Interestingly, I recall thinking about this;  I hate heights – a real bloody chicken with heights, and the third rung, the one which I spent all the time on is my absolute limit.

So, a bit of nociception coming in to a brain with an already active amygdala and other bits of the limbic system – “is this important? Is it worth having pain right now??”, my nervous system clearly thought it was. Here’s the thing – I could alleviate some pain by standing on the first and second rung!!!
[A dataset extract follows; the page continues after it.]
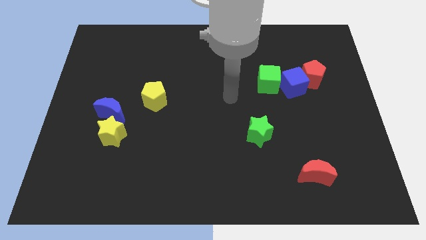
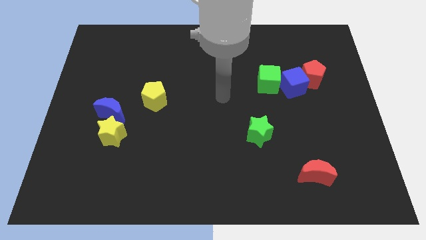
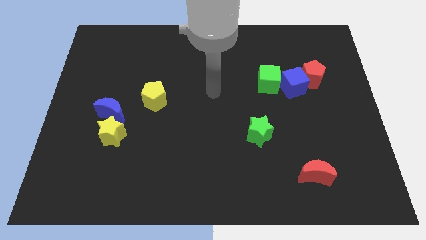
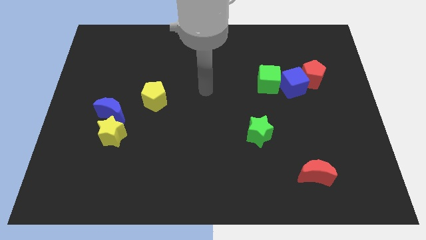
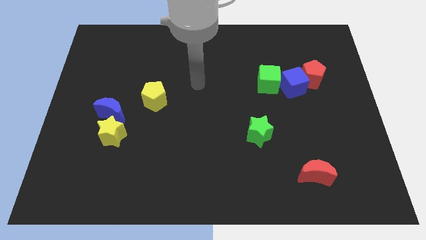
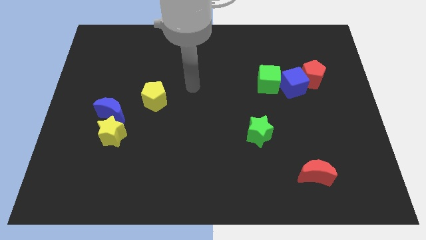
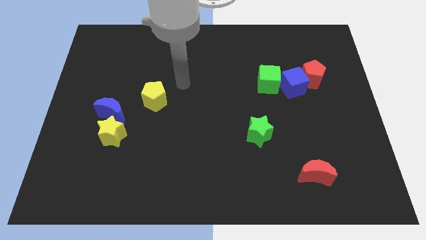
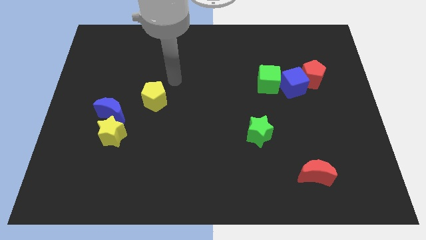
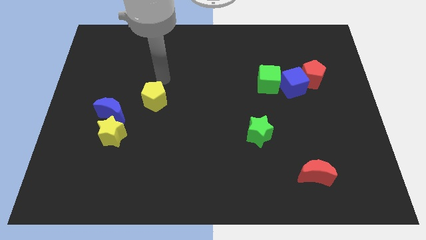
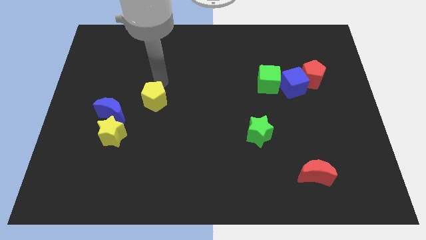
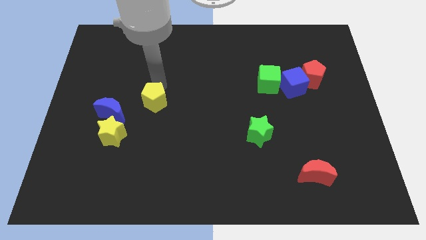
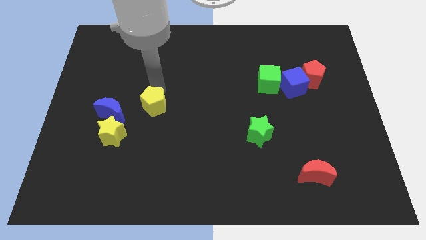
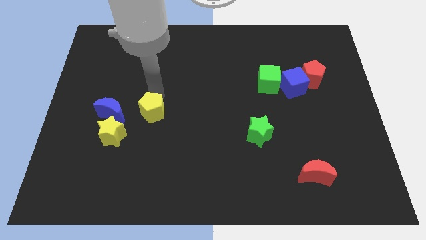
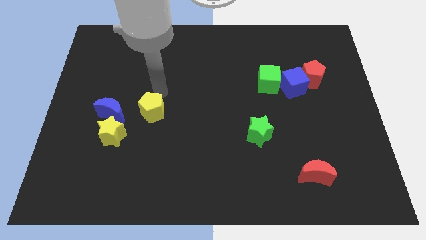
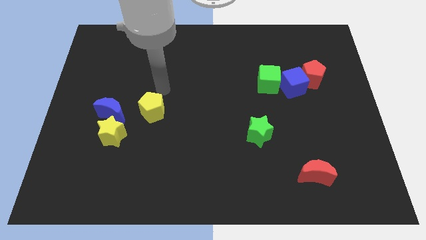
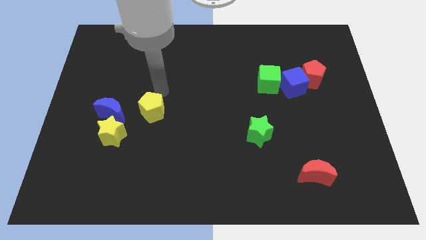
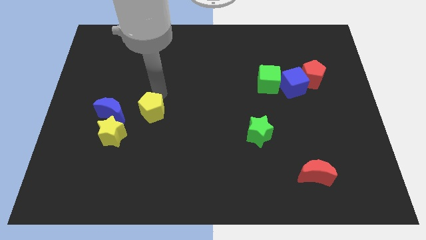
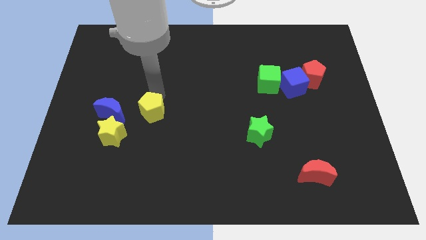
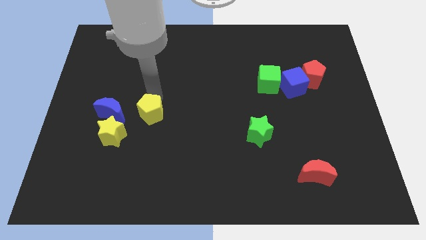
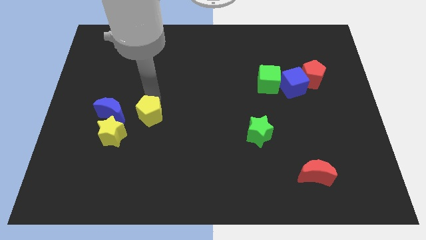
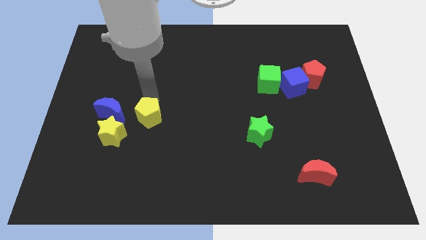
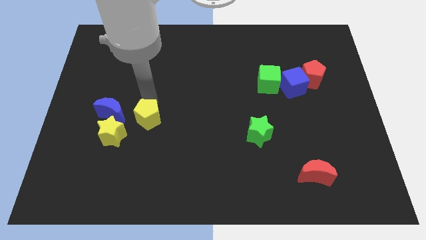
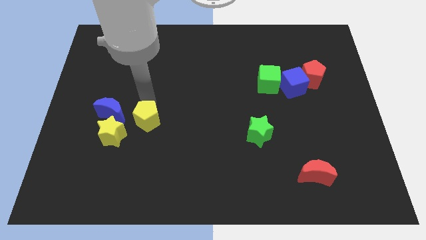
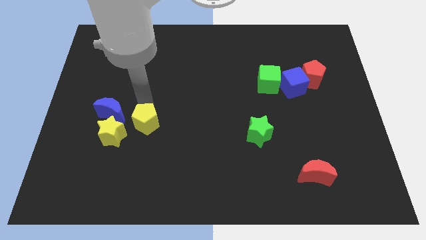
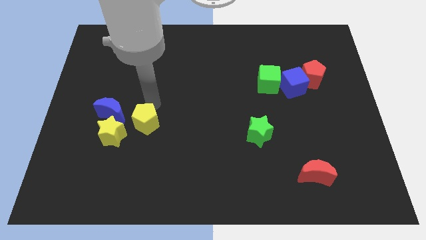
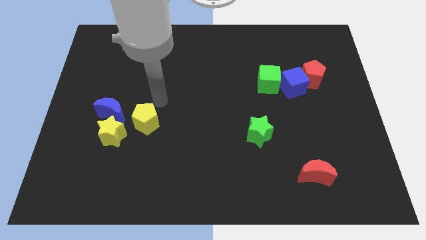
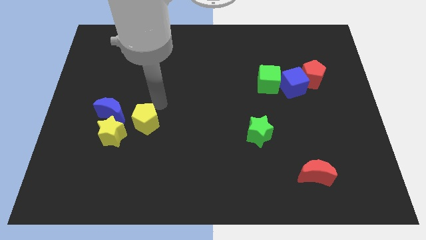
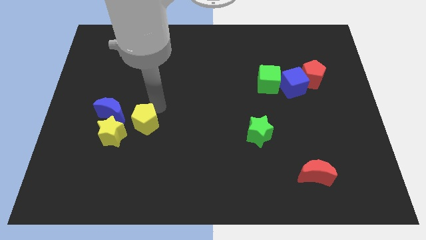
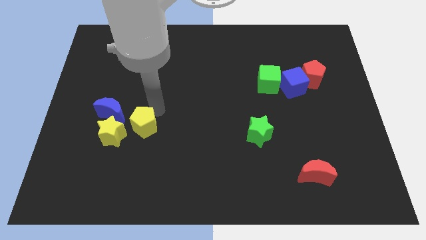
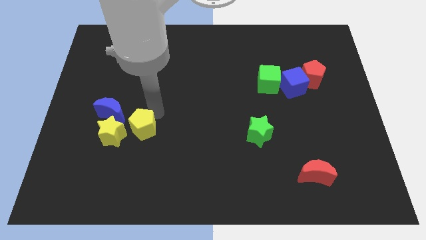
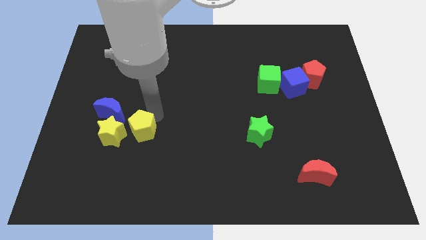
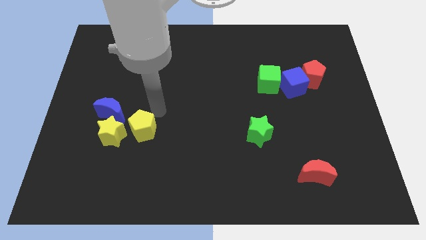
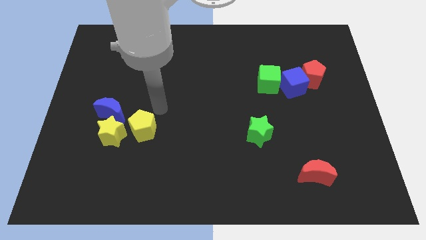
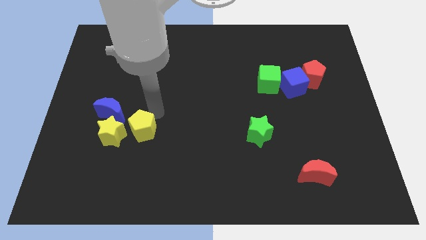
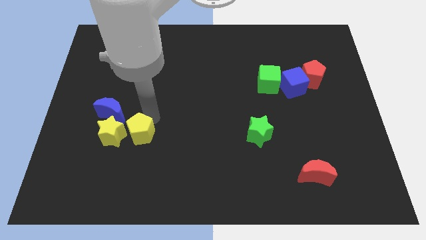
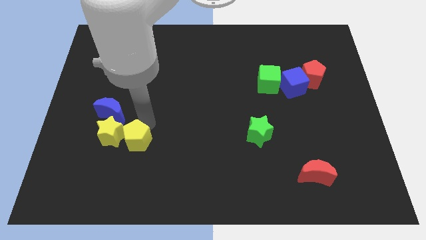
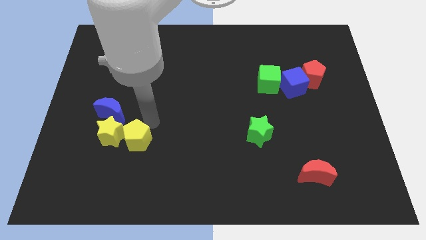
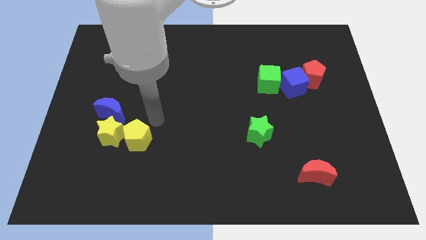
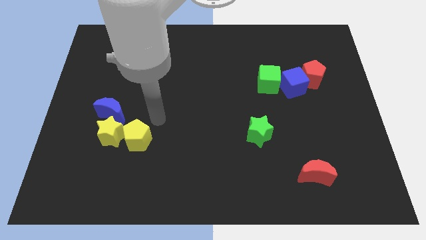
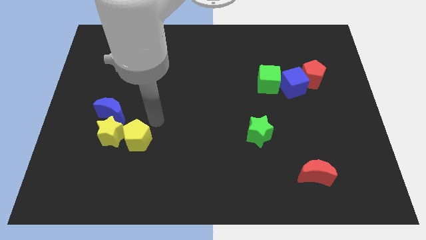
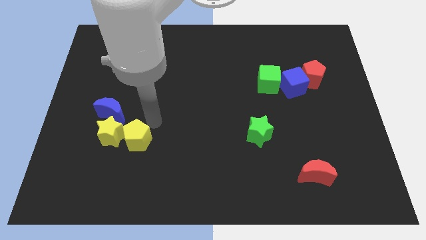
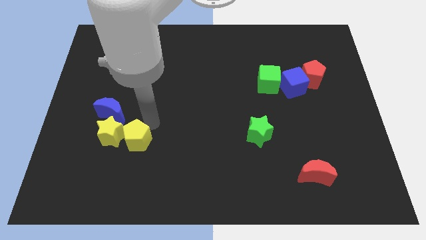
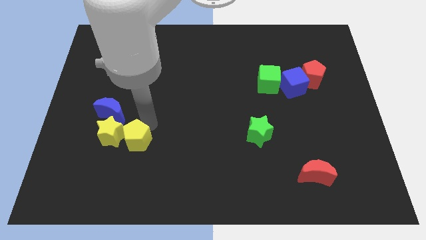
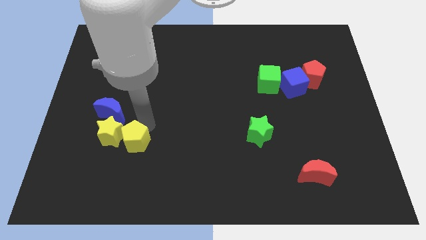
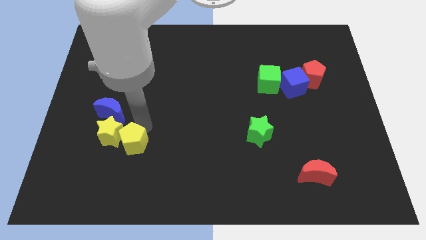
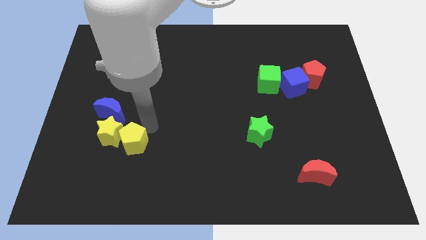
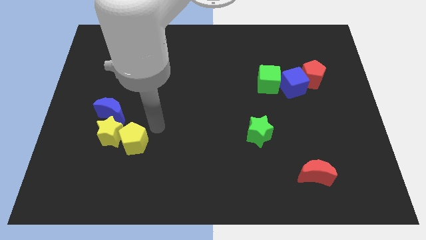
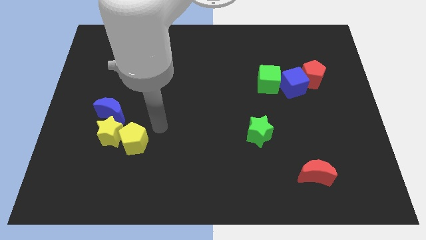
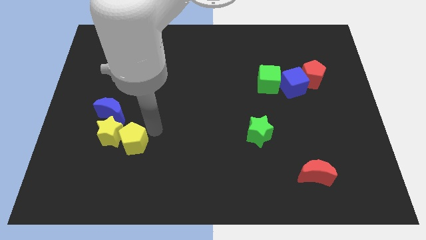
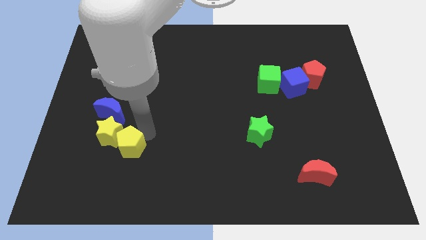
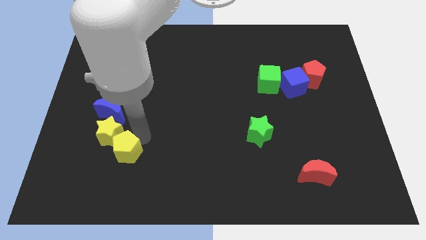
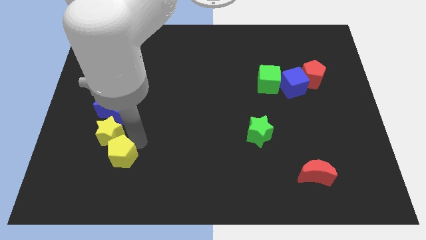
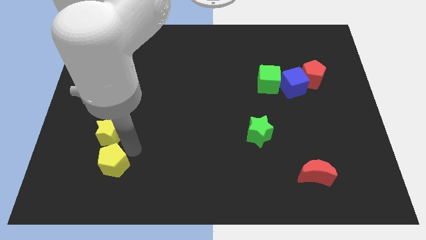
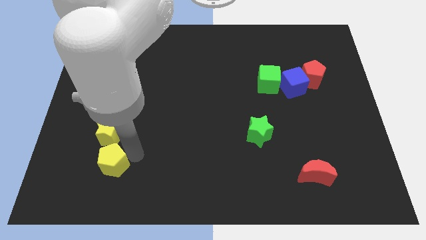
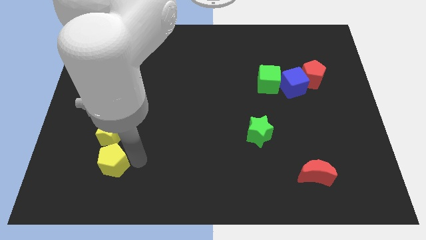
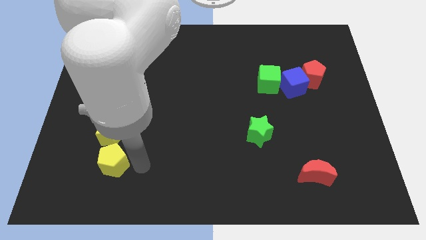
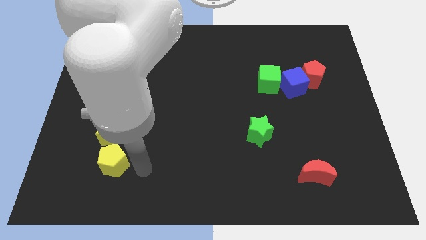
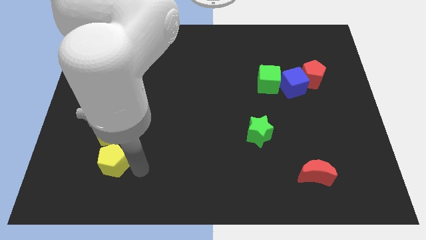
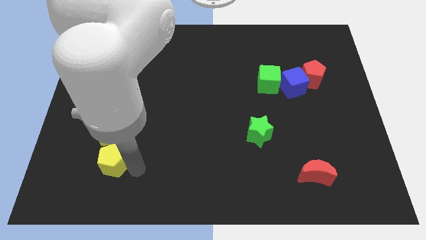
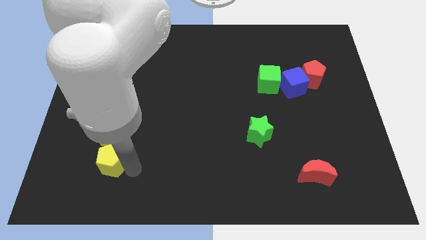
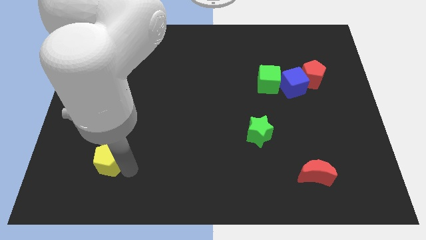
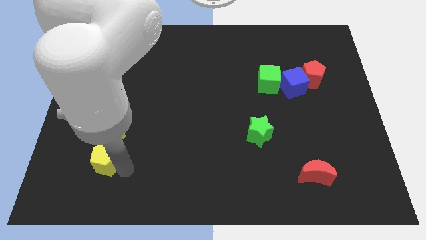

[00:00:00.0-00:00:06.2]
move the yellow pentagon to the bottom left side of the yellow star

I think sometimes its ALL context!

Tim Cocks
www.noigroup.com

comments

  1. Thanks Tim.
    We are a lazy lot aren’t we? – you remind me that I should have analysed my blackberry thumb a little better – I jumped to the diagnosis. So many pain states are categorised in terms of presumed injuring activity, thus we also see “strawberry picker’s hand”, “mouse user’s wrist” ,” tennis elbow”, “moviegoer’s knee”, “tight jean disease” etc. etc. A patient told me once that he had a “wanker’s elbow.” (google it and see!) . Note that a feature of these diagnoses is usually blame on an external agent and rarely an analysis of pathobiological processes that will be always be personalised to the person in trouble. At noigroup, we are big on deconstruction of labels into something biological to target therapy at. I know you are too.
    Models to assist deconstruction include the orchestra model (neuromatrix, neurosignatures), pain mechanism model, onion skin and fear avoidance models – all being remodelled by science as we write and topic of future posts.

    I wish you well with your ladder foot!